| Input data |
********************

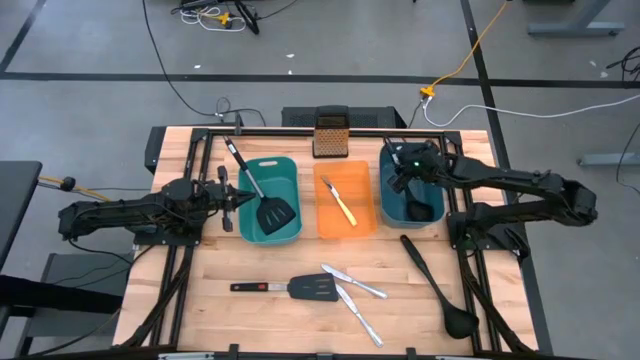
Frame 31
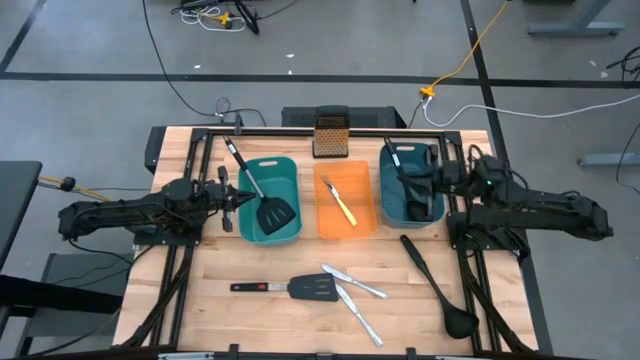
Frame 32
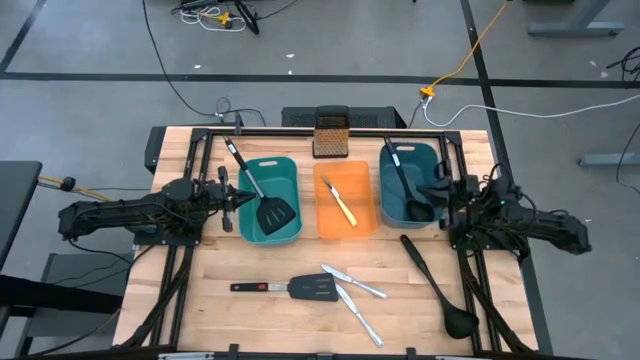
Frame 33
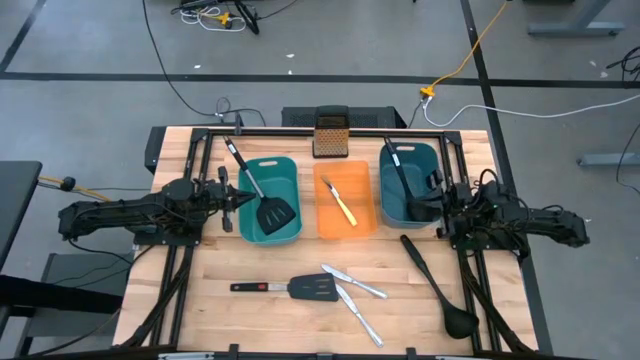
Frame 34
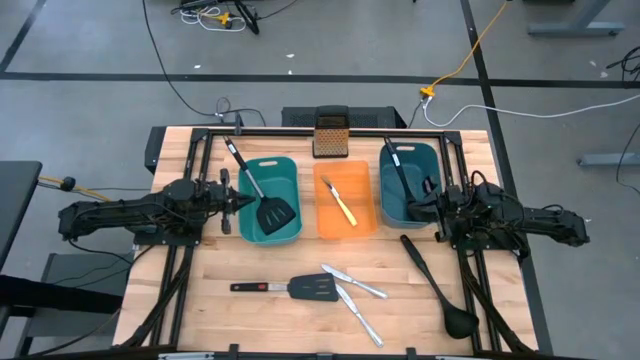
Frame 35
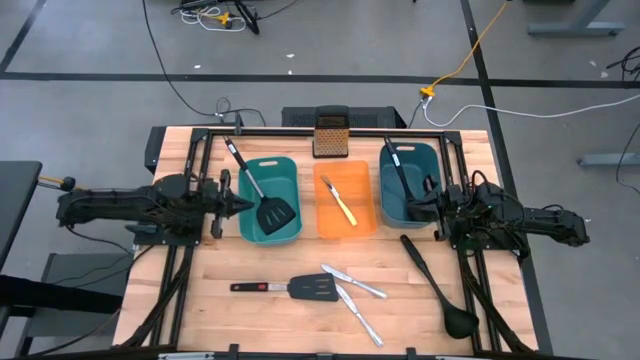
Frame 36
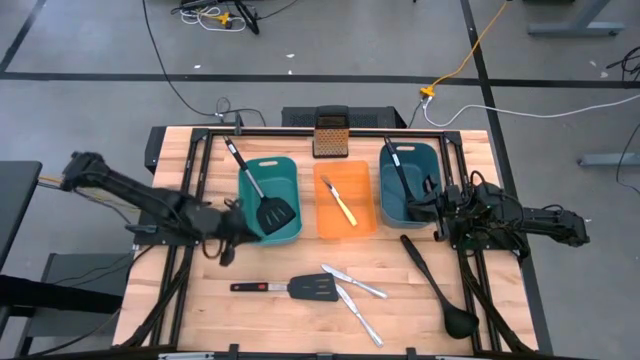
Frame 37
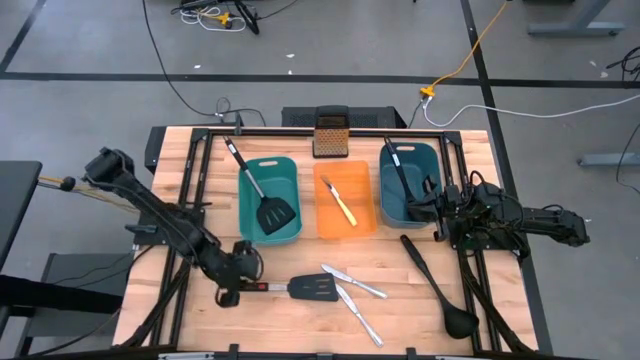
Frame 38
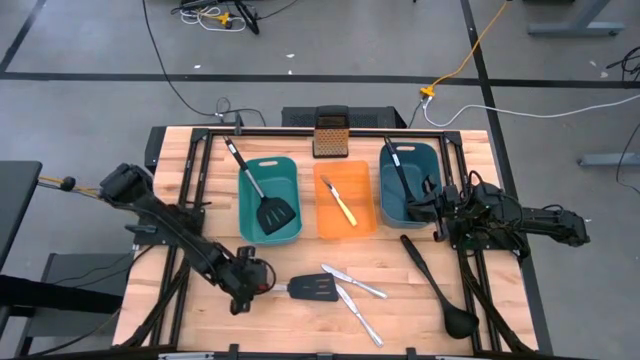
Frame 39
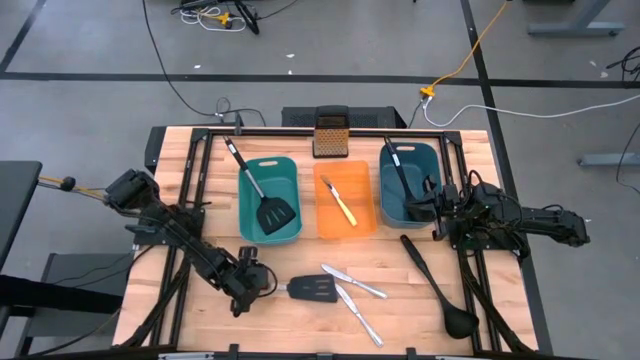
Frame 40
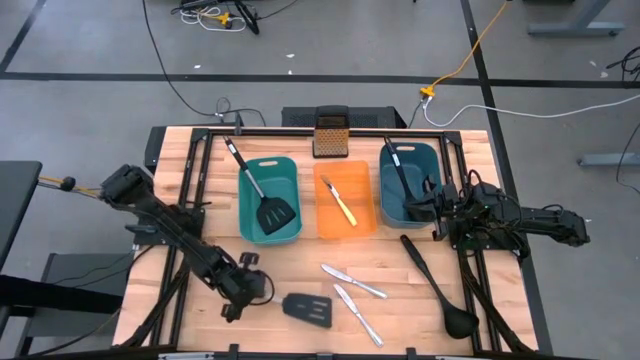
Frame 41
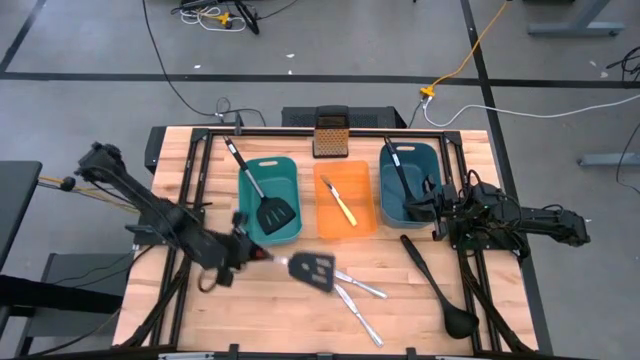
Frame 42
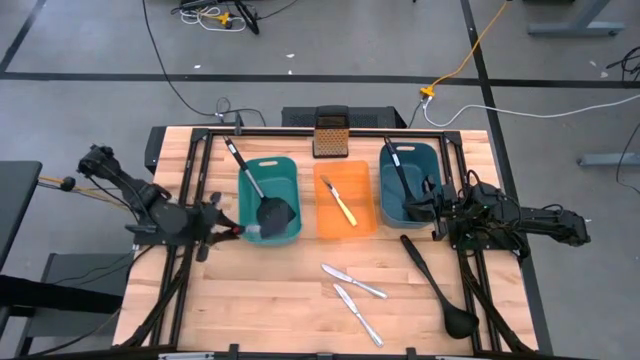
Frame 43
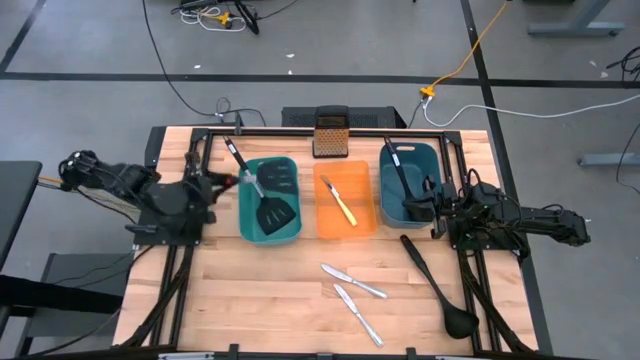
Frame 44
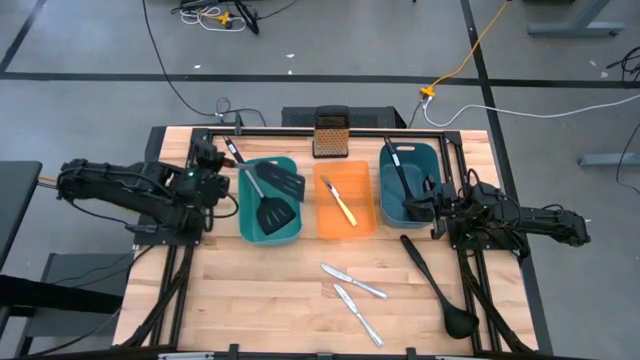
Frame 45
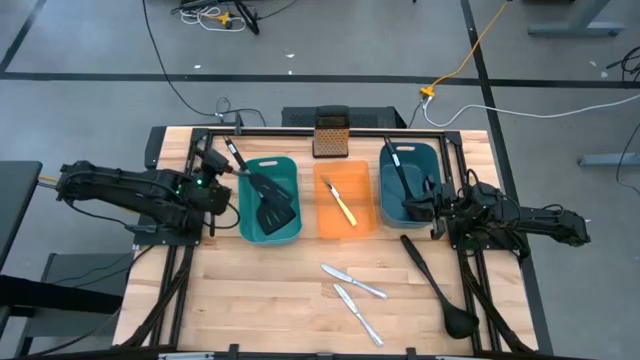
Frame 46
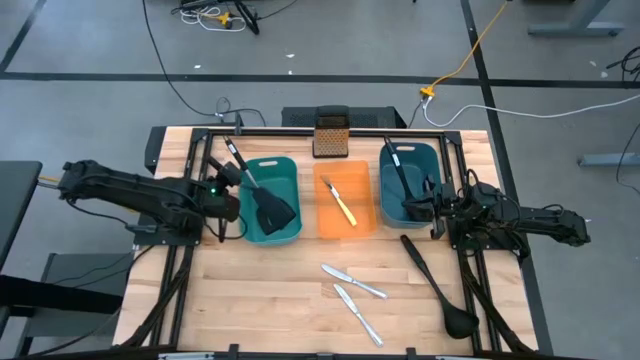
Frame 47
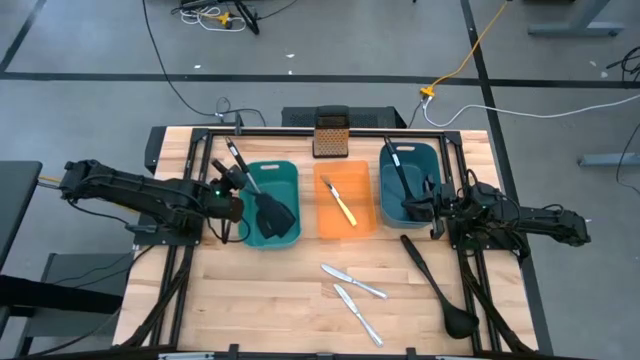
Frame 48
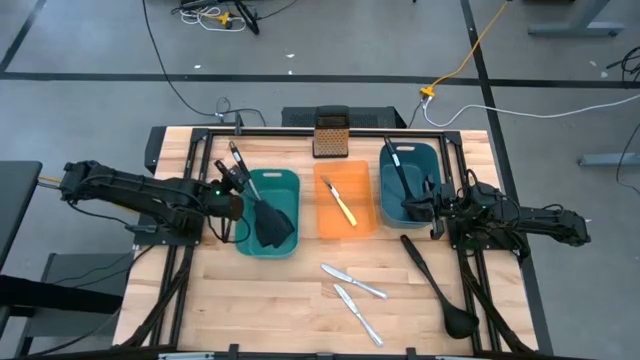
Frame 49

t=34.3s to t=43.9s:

********************

| The task |
Print every line above exactly. Leave the pictures out.

| Written solution |
Frame 31
Frame 32
Frame 33
Frame 34
Frame 35
Frame 36
Frame 37
Frame 38
Frame 39
Frame 40
Frame 41
Frame 42
Frame 43
Frame 44
Frame 45
Frame 46
Frame 47
Frame 48
Frame 49

t=34.3s to t=43.9s:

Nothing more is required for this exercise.